Key components of the budget include:

  • General Fund (Main Operating Fund): A budget of $63,141,435 is recommended, which represents a 7 percent increase over the current year’s budget. The property tax rate for FY2022-2023 is recommended to remain 62.75 cents per $100 of assessed value. A new property tax rate is anticipated with the FY2023-2024 annual budget due to the County-wide revaluation of property that will take effect during that fiscal year. Significant increases in property values are expected in Catawba County’s next revaluation, which will likely result in a reduction of Hickory’s current property tax rate.
  • Water and Sewer Fund: A 3 percent increase in utility rates is recommended to maintain infrastructure and the enterprise fund’s self-sufficiency, while still maintaining a competitive rate when compared to systems across the state. The average utility bill for a Hickory customer is $57.68; this rate increase will result in an increase of $1.73 per month on the average utility bill.
  • Solid Waste Fund: An increase of $1.00 is recommended to bring the monthly sanitation rate up to $26.00 per month for the upcoming fiscal year.

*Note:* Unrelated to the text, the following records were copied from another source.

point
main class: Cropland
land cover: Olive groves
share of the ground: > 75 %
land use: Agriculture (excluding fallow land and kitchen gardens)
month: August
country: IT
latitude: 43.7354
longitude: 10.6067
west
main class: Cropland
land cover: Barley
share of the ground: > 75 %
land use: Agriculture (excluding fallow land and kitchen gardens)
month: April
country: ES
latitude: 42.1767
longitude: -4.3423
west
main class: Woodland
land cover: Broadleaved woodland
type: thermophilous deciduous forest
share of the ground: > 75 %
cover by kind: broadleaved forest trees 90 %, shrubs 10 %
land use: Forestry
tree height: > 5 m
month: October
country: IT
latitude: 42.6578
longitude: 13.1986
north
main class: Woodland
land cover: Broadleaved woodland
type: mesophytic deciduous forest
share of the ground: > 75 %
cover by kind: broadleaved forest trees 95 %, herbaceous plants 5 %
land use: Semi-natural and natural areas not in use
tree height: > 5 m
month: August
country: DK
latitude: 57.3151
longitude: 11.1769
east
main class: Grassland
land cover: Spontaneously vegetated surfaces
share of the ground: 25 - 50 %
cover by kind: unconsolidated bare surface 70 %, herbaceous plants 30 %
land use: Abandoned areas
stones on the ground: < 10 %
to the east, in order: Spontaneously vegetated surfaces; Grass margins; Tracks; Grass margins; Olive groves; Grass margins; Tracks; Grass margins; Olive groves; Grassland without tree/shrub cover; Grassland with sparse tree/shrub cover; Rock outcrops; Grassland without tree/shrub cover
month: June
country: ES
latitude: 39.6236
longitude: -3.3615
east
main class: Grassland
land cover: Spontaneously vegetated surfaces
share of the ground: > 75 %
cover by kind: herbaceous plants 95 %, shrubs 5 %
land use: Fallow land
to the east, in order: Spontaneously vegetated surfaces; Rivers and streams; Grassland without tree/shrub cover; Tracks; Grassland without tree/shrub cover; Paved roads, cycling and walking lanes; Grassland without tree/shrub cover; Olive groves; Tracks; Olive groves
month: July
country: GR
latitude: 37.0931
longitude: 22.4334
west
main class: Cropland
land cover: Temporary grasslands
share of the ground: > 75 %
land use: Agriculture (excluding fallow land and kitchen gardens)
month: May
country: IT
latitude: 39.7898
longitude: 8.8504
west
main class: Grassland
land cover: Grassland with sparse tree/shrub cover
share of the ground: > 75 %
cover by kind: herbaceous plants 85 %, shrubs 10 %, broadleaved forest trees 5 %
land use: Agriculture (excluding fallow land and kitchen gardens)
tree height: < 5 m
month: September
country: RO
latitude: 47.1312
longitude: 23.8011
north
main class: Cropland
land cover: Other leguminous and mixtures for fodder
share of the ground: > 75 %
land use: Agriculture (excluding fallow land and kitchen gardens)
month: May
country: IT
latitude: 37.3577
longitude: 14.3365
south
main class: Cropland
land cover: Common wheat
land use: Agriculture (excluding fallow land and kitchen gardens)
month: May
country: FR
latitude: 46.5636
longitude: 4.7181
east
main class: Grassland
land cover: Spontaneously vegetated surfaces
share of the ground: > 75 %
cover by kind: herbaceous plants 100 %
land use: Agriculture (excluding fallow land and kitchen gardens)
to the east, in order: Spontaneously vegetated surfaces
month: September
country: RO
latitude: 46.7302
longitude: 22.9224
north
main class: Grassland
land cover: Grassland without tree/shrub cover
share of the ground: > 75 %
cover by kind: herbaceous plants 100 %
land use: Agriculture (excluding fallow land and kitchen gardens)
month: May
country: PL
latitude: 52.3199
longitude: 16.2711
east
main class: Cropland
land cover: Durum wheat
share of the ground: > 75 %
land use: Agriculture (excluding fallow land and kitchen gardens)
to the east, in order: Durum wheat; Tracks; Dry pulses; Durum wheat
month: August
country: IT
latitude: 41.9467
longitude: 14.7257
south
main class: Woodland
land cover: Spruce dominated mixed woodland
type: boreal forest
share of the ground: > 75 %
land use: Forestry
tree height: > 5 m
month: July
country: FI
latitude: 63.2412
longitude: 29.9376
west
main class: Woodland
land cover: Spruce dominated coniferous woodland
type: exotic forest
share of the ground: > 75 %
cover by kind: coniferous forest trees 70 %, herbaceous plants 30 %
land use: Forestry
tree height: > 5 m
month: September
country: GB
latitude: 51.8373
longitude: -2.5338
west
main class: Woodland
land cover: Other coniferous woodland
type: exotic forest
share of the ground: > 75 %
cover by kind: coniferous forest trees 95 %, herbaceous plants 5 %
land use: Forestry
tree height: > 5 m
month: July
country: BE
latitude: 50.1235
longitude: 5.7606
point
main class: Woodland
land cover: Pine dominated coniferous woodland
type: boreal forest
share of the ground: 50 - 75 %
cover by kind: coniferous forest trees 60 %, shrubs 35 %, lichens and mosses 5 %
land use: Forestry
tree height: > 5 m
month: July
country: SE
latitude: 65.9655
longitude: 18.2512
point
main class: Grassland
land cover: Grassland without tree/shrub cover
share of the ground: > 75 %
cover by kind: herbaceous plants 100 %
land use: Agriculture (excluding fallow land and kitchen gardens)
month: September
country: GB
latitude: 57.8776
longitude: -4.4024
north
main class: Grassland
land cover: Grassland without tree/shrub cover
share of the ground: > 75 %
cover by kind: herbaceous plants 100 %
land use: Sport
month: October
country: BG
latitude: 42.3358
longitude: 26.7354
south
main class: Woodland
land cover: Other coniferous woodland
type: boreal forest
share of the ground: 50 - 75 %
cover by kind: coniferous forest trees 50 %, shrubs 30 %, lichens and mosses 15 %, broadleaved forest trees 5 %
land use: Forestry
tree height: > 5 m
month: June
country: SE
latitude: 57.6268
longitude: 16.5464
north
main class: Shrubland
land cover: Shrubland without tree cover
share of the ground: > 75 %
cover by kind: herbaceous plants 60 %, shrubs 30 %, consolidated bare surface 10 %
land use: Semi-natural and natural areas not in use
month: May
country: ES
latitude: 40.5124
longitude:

The Solid Waste Fund is self-supporting, and this increase will help to offset increases in fuel and labor costs.


“With the vision of City Council and with the community’s support in approving the Bond Measure in 2014, we began a journey to improve the quality of life offered in our community that would attract and retain a quality workforce and create new investment. Today, our local economy is in the process of being transformed into a strong and diversified engine that is attracting new international investment, investment from well-established companies who have called Hickory home for generations, and, as importantly, investment from small start-ups who believe in where Hickory is headed,” said Wood.

“We are seeing growth in our property tax base, jobs, housing, and population. The recently released U.S. News Best Places to Live rankings for Hickory confirm that the investments the City and residents are making in our community are yielding positive results. This Recommended Budget for FY2022-2023 will keep us on the path to completing the various Bond Projects that began in 2014. However, we need to start the process of thinking about the ‘what’s next’ after the Bond Projects are completed,” added Wood. “If we have learned one thing through our experiences over the last 20 years, it is that we cannot rest on our laurels, and we must always develop new strategies to improve our community and create new opportunities, so everyone has the chance for a better life here in Hickory.”

History of the City’s 2014 General Obligations (GO) bonds:

  • November 2014 - the citizens of Hickory approved two GO bond referendums
    • $25 million for streets and sidewalks
    • $15 million for economic development
  • September 2018 - the City issued $15 million in GO bonds
  • July 2019 - City Council approved 2-cent property tax rate increase to service bonded debt
  • November 2019 - the City issued another $15 million in GO bonds
  • July 2021 - City Council approved 4-cent property tax rate increase to service bonded debt
  • September 2021 - the City issued the remaining $10 million in GO bonds
  • Debt service payments are now being made on the total $40 million


The full FY2022-2023 Recommended Budget is available for review online at https://www.hickorync.gov/budget

The Hickory City Council welcomes public input and will hold a public hearing on the FY2022-2023 Recommended Budget on Tuesday, June 7, at 7 p.m., during its regular City Council meeting at the Julian G. Whitener Municipal Building.